After 24 hours of racing, it was the #8 Toyota of Kazuki Nakajima, Fernando Alonso and Sebastien Buemi which took the 2018 Le Mans 24 Hours victory ahead of the #7 crew of Kamui Kobayashi, Mike Conway and Jose Maria Lopez with the Japanese manufacturer finally breaking the Le Mans jinx.

After years of trying and fighting against the likes of Audi and Porsche, Toyota manage to have its name on the winning board as Alonso ticked his second box in the Triple Crown quest. The final podium position was sealed by #3 Rebellion Racing of Mathias Beche, Thomas Laurent and Gustavo Menezes.

The #3 only had its sister #1 of Andre Lotterer, Neel Jani and Bruno Senna to fight off who had its race compromised due to its first-lap mishap. In fifth and the last LMP1 runner was #5 CEFC TRSM Racing Manor of Mark Simpson, Charles Robertson and Leo Roussel.

The finished 42nd overall after a heartbreaking end to the #11 SMP Racing of Vitaly Petrov, Jenson Button and Mikhail Aleshin when their engine failed upon their recovery drive due to an early sensor troubles.

The LMP2 class was bossed all-through by the #26 G-Drive Racing Oreca driven by Jean-Eric Vergne, Roman Rusinov and Andrea Pizzitola to take class victory by a massive two laps advantage over the #36 Signatech Alpine of Nicolas Lapierre Pierre Thiriet and Andrea Negrao.

After troubles to multiple cars who were fighting early for podium places, it was the #39 Graff-SO24 Oreca of Vincent Capillaire, Jonathan Hirschi and Tristan Gommendy were third from the #28 TDS Racing Oreca of Loic Duval, Matthieu Vaxiviere and Francois Perrodo – they were only 2.539s apart on the finish line.
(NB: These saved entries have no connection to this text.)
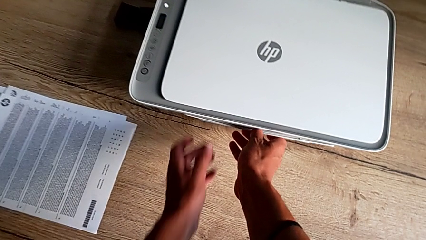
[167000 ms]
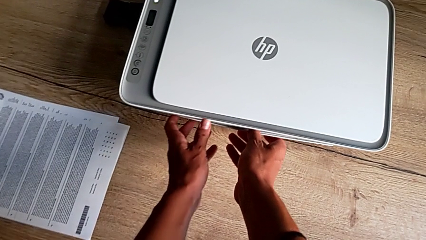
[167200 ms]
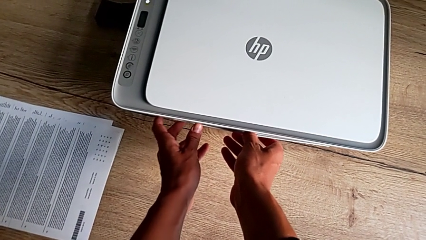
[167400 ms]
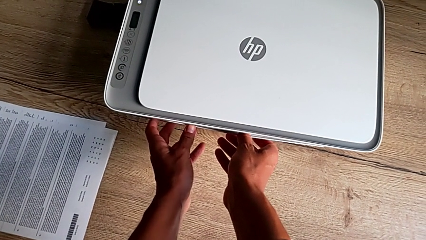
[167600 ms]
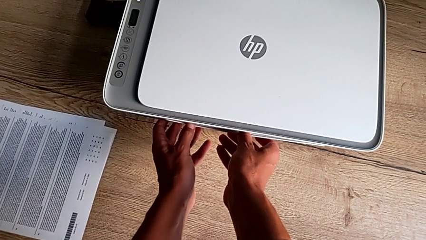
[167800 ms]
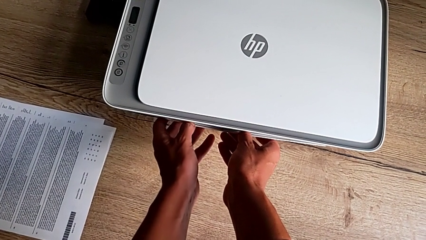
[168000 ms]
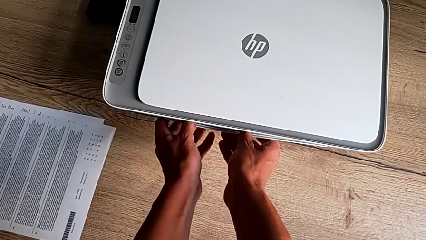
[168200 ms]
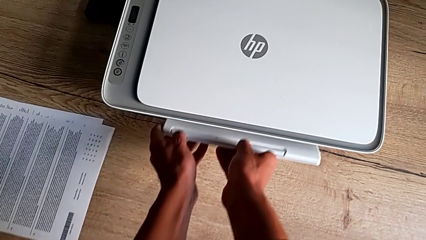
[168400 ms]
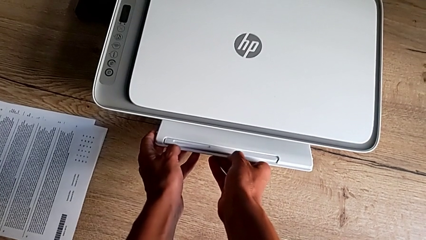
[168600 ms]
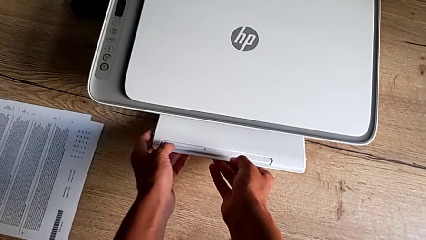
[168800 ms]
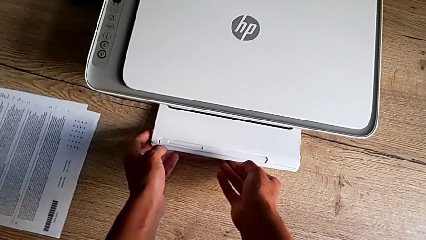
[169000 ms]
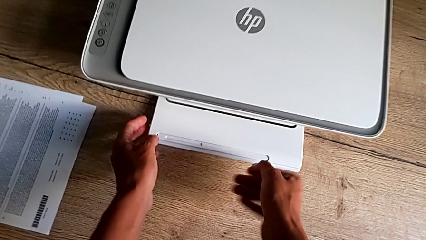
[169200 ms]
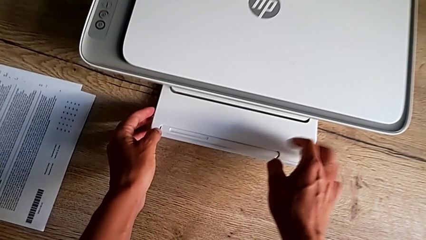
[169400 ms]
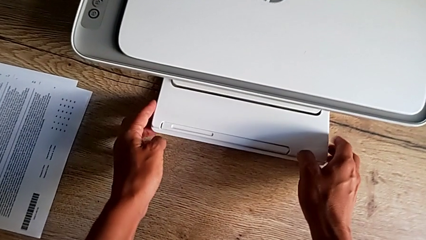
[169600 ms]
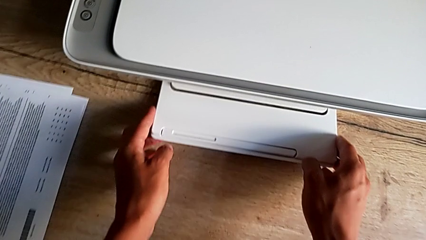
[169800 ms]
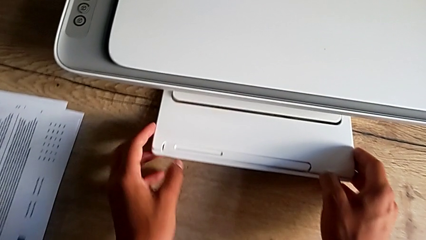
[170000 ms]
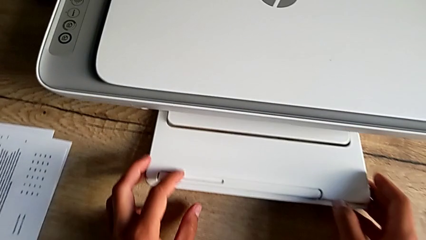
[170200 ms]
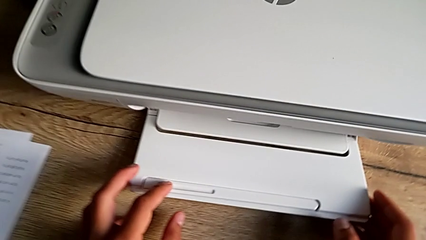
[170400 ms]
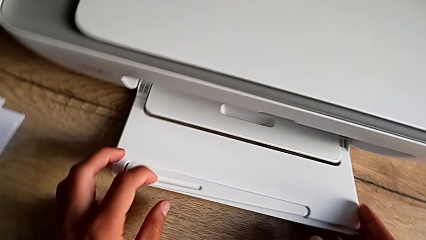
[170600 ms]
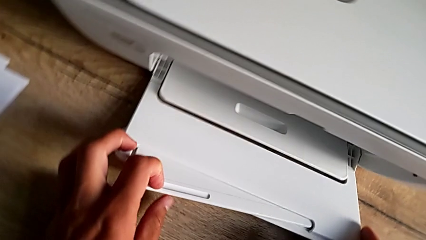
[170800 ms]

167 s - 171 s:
The camera wearer is exchanging the ink cartridge. They open the paper tray.

The #32 United Autosports Ligier of Juan Pablo Montoya, Hugo de Sadeleer and Will Owen were fifth from the #37 Jackie Chan DC Racing Oreca of Jazeman Jaafar, Nabil Jeffri and Weiron Tan fought through to be sixth – the Top 6 LMP2 cars secured an overall Top 10 finish.

GTE-Pro, GTE-Am

The #92 Porsche GT Team of Laurens Vanthoor, Kevin Estre and Michael Christensen dominated all-through as well to win the Pro class finishing 17th overall with the sister #91 of Gianmarina Bruni Richard Lietz and Frederic Makowiecki making it Porsche 1-2.

The #91 had to fend off the Fords towards the end stages but managed to build a decent gap to third placed #68 Ford of Sebastien Bourdais, Joey Hand and Dirk Muller. The #67 Ford of Harry Tincknell, Tony Kanaan and Andy Priaulx also fought its way to fourth.

Meanwhile, after losing the #63 Corvette Racing, it was the #63 crew of Jan Magnussen, Mike Rockenfeller and Antonio Garcia taking the flag in fifth.

It was a Porsche victory in the GTE-Am class as well with the #77 Dempsey Proton Porsche of Matt Campbell, Julien Andlauer and Christian Ried leading all the way through – even going faster than the Pro class cars.

The #54 Spirit of Race Ferrari of Giancarlo Fisichella, Thomas Flohr and Francesco Castellacci claimed second, recovering well to move itself on the lead lap as the #77 with #85 Keating Motorsports Ferrari of Jeroen Bleekemolen, Ben Keating and Luca Stolz completing the Top 3.